Приветствую, доктор Ялом.
Мне лучше. Вы очень помогли мне, и настало время вас поблагодарить. С тех пор как я вернулся, моя терапевт сконцентрировалась полностью на моем духе соперничества и на том, почему я не смог бы (или не стал бы) признавать, что у вас были хорошие наблюдения обо мне во время нашей сессии. Она права, я не желал признать их. Поэтому я хочу признаться сейчас. Когда вы сказали, что я относился к Фэалон-Окс как к тюрьме, вы были совершенно правы. И я знал это даже тогда, когда был с вами, но я просто отказывался признавать это. Вы помните, как я рассказывал ,что был очарован той песней? То, чем следовало поделиться с вами, а я не поделился, — это то, что я спел вам слова из второго куплета песни «Не ограничивайте меня». Но не упомянул строки из первого куплета.
Вот они:
«Дикая Кошка Келли выглядит бледновато,
Поддерживая сторону шерифа,
И потом тот шериф говорит:
«Я отправляю тебя в тюрьму».
Дикая Кошка поднял свою голову и заплакал.
О, подарите мне землю, много земли
под усыпанным звездами небом.
Не лишайте меня свободы».
Спасибо, Рик.
Покажите своим детям, чего вы стоите
Потому что я не смогла бы
остановиться для Смерти,
Она любезно остановилась для меня.
Эти первые строки поэмы Эмили Дикинсон пришли мне в голову в тот момент, когда телефонный звонок сообщил мне, что Астрид умерла от разрыва аневризмы. Астрид умерла? Невозможно. Жизненные силы Астрид были неиссякаемы, она справлялась с кризисами и трагедиями, следующими одни за другими, и продолжала идти дальше. Такая безгранично бурлящая энергия. И теперь навсегда в покое? Нет, я никак не мог удержать эту мысль в голове.
Астрид была психотерапевтом и более десяти лет обращалась ко мне и как к супервизору, и как к специалисту. Мы выросли неподалеку. Когда её семья прислала электронное сообщение, в котором говорилось, что «празднование жизни» Астрид состоится через две недели в местном общинном центре, я, не раздумывая, его принял. В назначенный день я надел строгий костюм, что случается со мной, истинным уроженцем Калифорнии, крайне редко, и приехал точно в полдень. Как и всех остальных двухсот гостей, меня встретили шампанским и закусками. Никаких цветов и отсутствие черного цвета. Никаких слез или скорбных лиц. За исключением меня, никто не надел костюм и галстук.

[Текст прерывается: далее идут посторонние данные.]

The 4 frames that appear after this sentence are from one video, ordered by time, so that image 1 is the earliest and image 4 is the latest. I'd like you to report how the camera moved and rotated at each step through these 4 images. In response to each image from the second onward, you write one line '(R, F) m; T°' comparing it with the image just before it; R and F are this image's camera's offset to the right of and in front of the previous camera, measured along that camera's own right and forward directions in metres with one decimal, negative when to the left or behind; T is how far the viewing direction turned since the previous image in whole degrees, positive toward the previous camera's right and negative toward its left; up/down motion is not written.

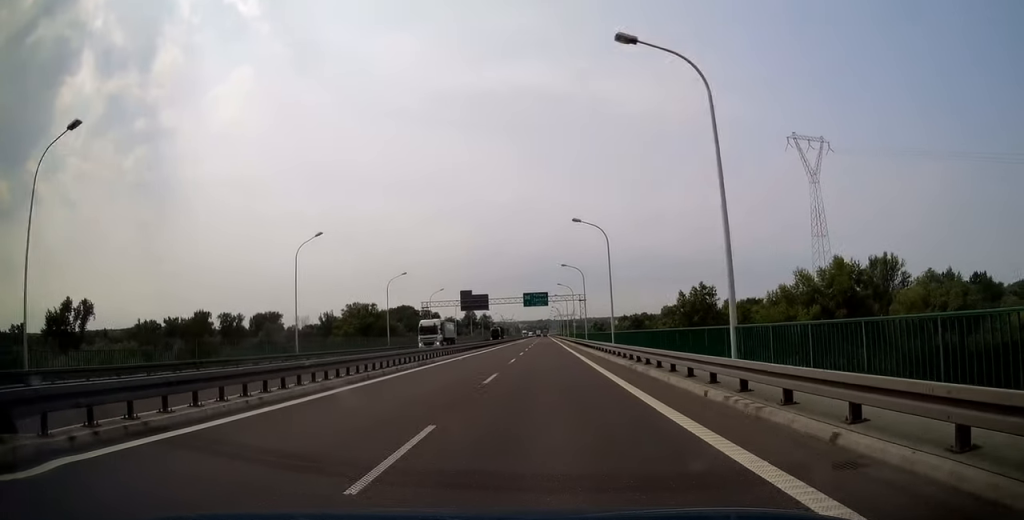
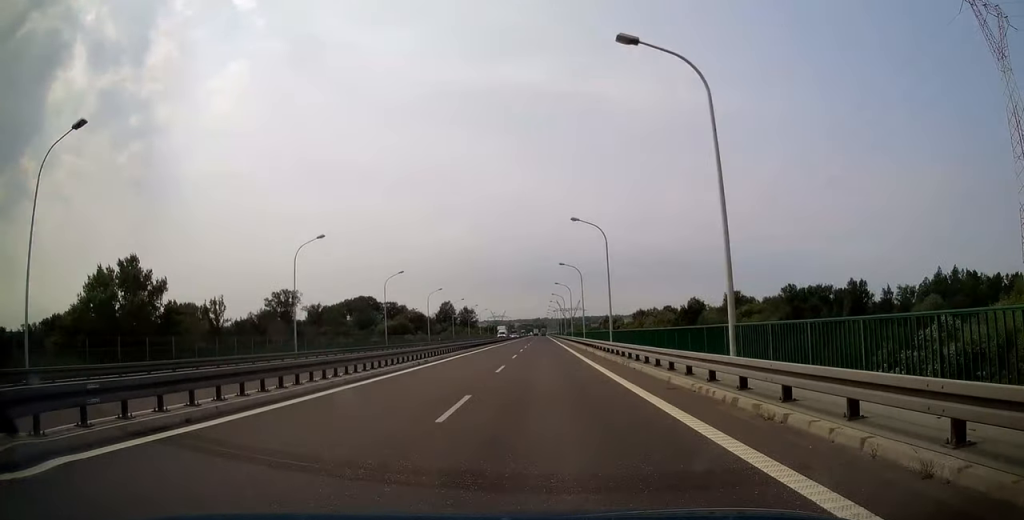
(+0.1, +103.5) m; +1°
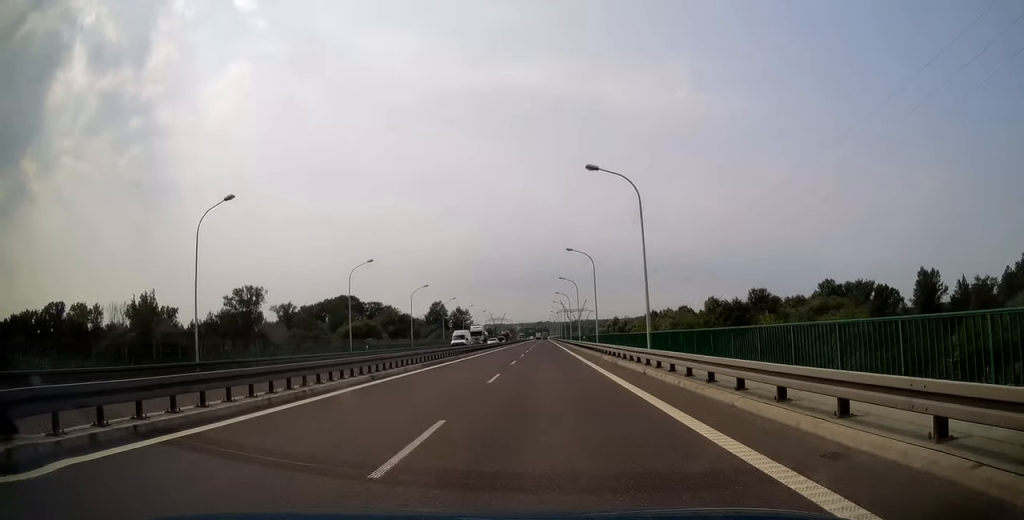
(0.0, +39.6) m; -1°
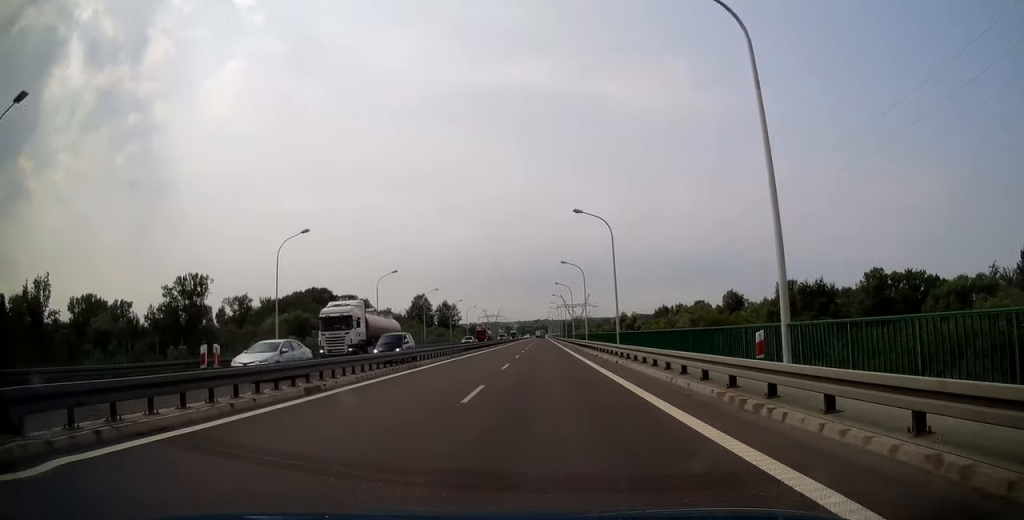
(-0.1, +41.6) m; +1°

Вскоре, пробираясь сквозь толпу, появился ребенок с мегафоном в руках, вероятно один из внуков Астрид, и объявил: «Пожалуйста, займите свои места. Прощание начинается».
Затем мы смотрели безупречное видео на сорок пять минут, прославляющее жизнь Астрид. Оно незаметно провело нас по этапам ее жизни. Сначала на экране появился ребенок на руках у отца, она сняла его очки и с ликованием размахивала ими. Затем, в ускоряющейся последовательности, мы видели первые шаги Астрид к матери, вытянувшей навстречу руки; Астрид, играющую в «приколи ослику хвост»; Астрид-подростка, занимающуюся серфингом на солнечном пляже на Гавайях; Астрид на выпускном в колледже Вассара; Астрид-невесту на последней своей свадьбе (она трижды выходила замуж); несколько снимков беременной и лучезарно улыбающейся Астрид; Астрид, играющую с детьми в Фрисби, и затем душераздирающий финал, из-за которого у меня на глаза навернулись слезы: Астрид, весело пританцовывающую с шестилетним внуком в вечер накануне внезапной смерти. Когда фильм закончился, мы тихо сидели в темноте. Мне было жаль, что включили свет, так как теперь никто не знал, что делать. Один самоуверенный смельчак захлопал, и вскоре большая часть присутствующих к нему присоединилась. Я почувствовал, что мне не хватает традиционного религиозного ритуала — очень редкое для меня настроение. Я скучал по успокаивающему знакомому ритму и упорядоченной последовательности событий, проводимых священником и раввинами. Что делать человеку на неудавшихся похоронах, которые начинаются с подачи шампанского и закусок и на которых нет места слезам?